Another electrical phenomenon, the nature of which remained unclear for a very long time. Mostly sailors dealt with him. The lights manifested themselves as follows: when a ship was caught in a thunderstorm, the tops of its masts began to blaze with bright flames. The explanation for the phenomenon turned out to be very simple - the fundamental role was played by the high voltage of the electromagnetic field, which is observed every time before the onset of a thunderstorm. But not only sailors can deal with lights. Pilots of large airliners have also experienced this phenomenon when flying through clouds of ash thrown into the sky by volcanic eruptions. The fires arise from the friction of ash particles against the skin.

Both lightning and St. Elmo's fire are electrical phenomena that many have seen, but not everyone has been able to encounter them. Their nature has not been fully studied. Typically, eyewitnesses describe ball lightning as a bright luminous spherical formation, moving chaotically in space. Three years ago, a theory was put forward that cast doubt on the reality of their existence. If it was previously believed that various ball lightnings were electrical phenomena, then the theory suggested that they were nothing more than hallucinations.

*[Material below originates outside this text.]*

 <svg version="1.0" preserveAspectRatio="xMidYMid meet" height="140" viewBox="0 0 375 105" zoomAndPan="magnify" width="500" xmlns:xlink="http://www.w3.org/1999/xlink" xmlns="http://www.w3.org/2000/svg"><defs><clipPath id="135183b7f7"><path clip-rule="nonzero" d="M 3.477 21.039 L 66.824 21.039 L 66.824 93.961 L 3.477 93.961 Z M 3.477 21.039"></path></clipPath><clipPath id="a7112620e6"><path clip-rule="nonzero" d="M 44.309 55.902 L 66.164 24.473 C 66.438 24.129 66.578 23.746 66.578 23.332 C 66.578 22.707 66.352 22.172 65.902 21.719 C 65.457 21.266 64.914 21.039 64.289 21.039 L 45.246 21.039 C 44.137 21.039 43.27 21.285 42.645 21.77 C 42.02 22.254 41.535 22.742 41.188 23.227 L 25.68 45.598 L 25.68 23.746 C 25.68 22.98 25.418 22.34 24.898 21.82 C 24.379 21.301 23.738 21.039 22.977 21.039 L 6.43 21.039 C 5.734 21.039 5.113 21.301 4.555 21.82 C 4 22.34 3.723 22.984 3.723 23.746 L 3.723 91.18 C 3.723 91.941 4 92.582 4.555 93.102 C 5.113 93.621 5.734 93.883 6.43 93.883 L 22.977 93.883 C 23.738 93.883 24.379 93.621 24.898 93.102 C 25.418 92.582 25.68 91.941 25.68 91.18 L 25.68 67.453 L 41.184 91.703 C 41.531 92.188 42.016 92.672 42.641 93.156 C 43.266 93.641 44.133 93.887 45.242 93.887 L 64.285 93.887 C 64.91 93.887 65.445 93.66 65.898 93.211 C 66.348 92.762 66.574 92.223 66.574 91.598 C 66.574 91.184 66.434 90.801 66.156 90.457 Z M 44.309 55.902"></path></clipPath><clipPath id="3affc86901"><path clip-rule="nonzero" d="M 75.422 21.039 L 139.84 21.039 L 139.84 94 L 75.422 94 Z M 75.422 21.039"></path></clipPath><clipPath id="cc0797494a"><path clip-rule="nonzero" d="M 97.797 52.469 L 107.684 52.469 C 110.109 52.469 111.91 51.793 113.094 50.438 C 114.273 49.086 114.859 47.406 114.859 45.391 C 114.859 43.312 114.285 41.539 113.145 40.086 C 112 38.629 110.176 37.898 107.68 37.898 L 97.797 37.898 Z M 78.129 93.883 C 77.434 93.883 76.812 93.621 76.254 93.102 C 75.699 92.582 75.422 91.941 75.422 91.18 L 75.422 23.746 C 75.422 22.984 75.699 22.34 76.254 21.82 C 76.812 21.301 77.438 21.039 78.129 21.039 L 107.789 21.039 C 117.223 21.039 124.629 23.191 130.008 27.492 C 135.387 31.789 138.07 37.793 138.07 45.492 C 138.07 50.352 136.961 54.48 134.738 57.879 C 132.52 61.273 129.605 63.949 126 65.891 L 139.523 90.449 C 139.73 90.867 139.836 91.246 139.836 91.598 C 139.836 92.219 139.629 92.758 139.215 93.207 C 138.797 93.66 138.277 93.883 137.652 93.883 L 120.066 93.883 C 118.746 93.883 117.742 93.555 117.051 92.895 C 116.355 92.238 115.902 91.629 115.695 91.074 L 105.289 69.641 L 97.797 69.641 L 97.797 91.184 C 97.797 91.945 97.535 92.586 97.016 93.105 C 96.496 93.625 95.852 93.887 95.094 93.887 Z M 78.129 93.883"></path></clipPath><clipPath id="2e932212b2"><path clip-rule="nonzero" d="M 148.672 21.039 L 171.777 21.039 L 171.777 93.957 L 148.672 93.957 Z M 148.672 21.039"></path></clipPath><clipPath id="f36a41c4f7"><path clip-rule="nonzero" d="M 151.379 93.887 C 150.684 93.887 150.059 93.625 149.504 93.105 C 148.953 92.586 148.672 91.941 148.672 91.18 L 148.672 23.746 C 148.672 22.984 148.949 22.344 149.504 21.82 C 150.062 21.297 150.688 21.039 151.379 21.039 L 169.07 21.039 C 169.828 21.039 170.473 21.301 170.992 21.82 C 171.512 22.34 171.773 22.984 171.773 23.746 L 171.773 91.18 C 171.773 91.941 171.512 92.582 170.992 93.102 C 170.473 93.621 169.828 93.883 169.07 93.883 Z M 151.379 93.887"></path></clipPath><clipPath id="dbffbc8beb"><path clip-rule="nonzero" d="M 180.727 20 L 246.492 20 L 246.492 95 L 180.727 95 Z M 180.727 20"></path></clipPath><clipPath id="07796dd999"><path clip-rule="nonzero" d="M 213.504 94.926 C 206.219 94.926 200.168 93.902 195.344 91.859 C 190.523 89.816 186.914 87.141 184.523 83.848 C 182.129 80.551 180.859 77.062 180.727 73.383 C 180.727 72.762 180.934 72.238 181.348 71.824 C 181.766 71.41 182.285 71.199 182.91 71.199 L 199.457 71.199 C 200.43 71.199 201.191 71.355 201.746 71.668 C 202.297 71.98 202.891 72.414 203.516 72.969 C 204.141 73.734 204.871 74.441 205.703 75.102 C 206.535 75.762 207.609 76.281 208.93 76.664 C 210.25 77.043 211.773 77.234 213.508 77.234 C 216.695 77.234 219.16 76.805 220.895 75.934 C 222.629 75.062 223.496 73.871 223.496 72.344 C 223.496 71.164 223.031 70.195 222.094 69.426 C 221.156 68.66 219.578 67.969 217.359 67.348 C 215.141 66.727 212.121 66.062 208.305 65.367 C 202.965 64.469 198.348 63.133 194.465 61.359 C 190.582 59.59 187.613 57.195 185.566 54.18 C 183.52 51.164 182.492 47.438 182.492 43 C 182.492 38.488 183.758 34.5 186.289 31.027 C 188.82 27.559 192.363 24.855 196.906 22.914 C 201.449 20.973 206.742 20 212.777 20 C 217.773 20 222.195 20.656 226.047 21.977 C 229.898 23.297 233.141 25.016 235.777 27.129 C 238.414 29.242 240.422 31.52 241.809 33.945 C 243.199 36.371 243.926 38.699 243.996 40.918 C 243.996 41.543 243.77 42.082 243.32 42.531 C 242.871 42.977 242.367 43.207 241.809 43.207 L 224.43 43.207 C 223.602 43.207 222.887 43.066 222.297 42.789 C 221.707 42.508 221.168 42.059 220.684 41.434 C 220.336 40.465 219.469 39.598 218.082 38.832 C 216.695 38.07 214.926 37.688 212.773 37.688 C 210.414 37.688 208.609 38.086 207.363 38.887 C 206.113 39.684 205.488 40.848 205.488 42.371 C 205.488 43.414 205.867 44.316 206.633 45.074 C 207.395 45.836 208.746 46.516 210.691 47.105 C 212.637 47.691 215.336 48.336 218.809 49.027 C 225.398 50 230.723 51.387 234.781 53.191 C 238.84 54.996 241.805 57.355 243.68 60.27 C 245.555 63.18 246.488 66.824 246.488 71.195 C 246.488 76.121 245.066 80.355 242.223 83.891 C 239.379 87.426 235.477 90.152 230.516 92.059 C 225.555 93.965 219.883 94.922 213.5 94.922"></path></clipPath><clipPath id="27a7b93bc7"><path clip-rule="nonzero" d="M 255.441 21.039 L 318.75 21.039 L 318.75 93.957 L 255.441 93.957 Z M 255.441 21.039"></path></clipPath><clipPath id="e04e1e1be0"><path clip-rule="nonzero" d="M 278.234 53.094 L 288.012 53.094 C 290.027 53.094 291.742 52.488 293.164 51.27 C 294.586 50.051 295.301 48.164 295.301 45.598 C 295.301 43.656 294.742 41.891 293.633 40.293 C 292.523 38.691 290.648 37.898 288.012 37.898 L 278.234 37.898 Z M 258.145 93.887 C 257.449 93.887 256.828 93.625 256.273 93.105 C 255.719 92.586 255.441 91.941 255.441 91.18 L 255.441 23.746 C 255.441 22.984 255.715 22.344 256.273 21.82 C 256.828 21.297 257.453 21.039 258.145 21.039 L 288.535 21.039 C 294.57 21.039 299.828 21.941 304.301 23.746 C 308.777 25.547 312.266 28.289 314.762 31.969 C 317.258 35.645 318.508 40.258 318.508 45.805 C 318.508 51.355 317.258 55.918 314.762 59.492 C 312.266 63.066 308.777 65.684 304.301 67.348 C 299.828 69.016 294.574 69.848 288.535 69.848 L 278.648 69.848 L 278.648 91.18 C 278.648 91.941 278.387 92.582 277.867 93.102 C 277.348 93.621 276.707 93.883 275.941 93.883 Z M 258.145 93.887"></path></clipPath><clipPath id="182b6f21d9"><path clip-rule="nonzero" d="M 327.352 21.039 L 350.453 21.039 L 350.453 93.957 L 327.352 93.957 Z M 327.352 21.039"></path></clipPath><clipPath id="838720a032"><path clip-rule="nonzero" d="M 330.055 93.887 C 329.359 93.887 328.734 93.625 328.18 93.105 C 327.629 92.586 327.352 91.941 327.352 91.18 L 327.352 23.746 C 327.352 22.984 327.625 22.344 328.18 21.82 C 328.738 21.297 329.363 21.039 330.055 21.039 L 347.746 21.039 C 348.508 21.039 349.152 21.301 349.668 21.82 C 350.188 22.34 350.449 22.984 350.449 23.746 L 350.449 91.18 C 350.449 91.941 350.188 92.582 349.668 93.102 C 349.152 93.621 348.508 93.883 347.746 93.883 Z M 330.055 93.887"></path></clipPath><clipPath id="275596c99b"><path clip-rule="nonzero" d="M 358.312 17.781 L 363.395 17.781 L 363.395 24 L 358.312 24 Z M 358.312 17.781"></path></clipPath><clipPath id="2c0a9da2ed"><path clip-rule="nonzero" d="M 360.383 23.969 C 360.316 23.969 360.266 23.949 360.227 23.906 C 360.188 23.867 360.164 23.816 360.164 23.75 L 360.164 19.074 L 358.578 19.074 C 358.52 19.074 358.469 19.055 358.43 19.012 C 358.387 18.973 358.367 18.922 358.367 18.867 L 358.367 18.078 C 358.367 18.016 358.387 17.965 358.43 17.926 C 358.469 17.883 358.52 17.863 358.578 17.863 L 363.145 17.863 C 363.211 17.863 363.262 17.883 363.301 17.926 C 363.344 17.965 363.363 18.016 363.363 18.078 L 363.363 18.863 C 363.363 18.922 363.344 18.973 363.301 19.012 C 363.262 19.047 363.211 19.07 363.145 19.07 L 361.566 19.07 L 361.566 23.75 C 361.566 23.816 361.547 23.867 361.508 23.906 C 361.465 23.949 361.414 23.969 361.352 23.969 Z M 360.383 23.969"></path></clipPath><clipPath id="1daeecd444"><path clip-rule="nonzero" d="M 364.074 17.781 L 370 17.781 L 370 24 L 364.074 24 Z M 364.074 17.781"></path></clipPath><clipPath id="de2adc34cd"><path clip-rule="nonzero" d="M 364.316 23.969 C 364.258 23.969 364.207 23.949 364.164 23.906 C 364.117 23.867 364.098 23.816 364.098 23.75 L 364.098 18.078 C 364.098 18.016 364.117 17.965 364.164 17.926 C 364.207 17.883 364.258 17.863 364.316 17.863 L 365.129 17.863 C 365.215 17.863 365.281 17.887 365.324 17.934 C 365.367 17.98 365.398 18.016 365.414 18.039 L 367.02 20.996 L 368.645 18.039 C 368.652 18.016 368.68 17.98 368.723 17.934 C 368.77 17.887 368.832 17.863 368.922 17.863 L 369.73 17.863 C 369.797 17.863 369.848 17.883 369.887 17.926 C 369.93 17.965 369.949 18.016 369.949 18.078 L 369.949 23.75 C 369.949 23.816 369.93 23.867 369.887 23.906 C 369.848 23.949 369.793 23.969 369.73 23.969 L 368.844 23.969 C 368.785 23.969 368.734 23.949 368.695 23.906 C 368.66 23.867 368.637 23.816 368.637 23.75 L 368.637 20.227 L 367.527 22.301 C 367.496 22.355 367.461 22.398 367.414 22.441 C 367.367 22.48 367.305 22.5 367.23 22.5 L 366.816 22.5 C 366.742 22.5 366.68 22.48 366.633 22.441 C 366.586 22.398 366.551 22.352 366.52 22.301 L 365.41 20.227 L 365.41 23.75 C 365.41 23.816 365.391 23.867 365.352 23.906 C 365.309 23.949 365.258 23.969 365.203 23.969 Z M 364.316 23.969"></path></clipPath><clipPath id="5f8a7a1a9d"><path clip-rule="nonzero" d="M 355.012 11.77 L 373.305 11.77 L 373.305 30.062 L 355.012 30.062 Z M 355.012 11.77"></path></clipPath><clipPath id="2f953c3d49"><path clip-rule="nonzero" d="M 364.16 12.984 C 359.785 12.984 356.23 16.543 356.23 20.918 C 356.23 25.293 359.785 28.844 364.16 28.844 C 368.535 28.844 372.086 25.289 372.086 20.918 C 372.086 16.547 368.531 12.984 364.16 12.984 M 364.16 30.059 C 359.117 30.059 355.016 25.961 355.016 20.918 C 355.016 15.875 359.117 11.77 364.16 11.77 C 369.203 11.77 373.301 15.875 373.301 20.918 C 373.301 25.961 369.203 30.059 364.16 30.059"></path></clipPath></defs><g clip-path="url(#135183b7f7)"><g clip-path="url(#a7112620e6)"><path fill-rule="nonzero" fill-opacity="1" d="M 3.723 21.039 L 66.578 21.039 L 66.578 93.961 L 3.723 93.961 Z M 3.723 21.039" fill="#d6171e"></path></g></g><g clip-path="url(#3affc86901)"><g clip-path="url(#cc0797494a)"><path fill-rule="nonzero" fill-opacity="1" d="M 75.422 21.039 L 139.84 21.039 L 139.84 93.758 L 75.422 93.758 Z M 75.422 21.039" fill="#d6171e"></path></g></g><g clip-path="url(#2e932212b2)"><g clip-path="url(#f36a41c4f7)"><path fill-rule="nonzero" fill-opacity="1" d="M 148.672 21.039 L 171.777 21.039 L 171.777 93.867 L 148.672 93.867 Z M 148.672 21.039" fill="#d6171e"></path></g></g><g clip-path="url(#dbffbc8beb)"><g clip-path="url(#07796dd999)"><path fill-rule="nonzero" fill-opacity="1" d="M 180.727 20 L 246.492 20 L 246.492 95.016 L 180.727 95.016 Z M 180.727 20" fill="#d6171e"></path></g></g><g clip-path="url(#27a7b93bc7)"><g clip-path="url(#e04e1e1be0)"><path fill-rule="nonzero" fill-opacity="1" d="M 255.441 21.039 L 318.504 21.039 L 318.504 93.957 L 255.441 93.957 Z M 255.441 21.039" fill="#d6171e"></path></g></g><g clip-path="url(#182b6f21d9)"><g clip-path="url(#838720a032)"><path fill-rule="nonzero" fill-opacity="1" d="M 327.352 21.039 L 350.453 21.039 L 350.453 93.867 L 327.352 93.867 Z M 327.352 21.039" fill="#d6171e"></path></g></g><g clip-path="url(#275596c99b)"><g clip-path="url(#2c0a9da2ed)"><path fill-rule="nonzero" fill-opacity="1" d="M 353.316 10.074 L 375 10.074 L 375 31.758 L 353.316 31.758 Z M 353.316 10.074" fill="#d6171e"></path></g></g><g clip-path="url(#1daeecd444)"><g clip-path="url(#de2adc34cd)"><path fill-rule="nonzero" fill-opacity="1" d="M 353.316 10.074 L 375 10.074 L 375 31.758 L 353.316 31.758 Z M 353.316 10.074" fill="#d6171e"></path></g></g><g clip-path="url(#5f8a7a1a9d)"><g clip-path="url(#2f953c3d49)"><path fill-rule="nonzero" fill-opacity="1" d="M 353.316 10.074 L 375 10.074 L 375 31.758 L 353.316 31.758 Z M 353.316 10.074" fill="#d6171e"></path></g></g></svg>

There is another phenomenon that is of an electromagnetic nature - the northern lights. It arises as a result of the influence of the solar wind on the upper Northern Lights. They look like flashes of a variety of colors and are usually recorded at fairly high latitudes. There are, of course, exceptions - if it is high enough, then residents of temperate latitudes can also see the lights in the sky.

Electrical phenomena are a rather interesting object of study for physicists all over the planet, since most of them require detailed justification and serious study.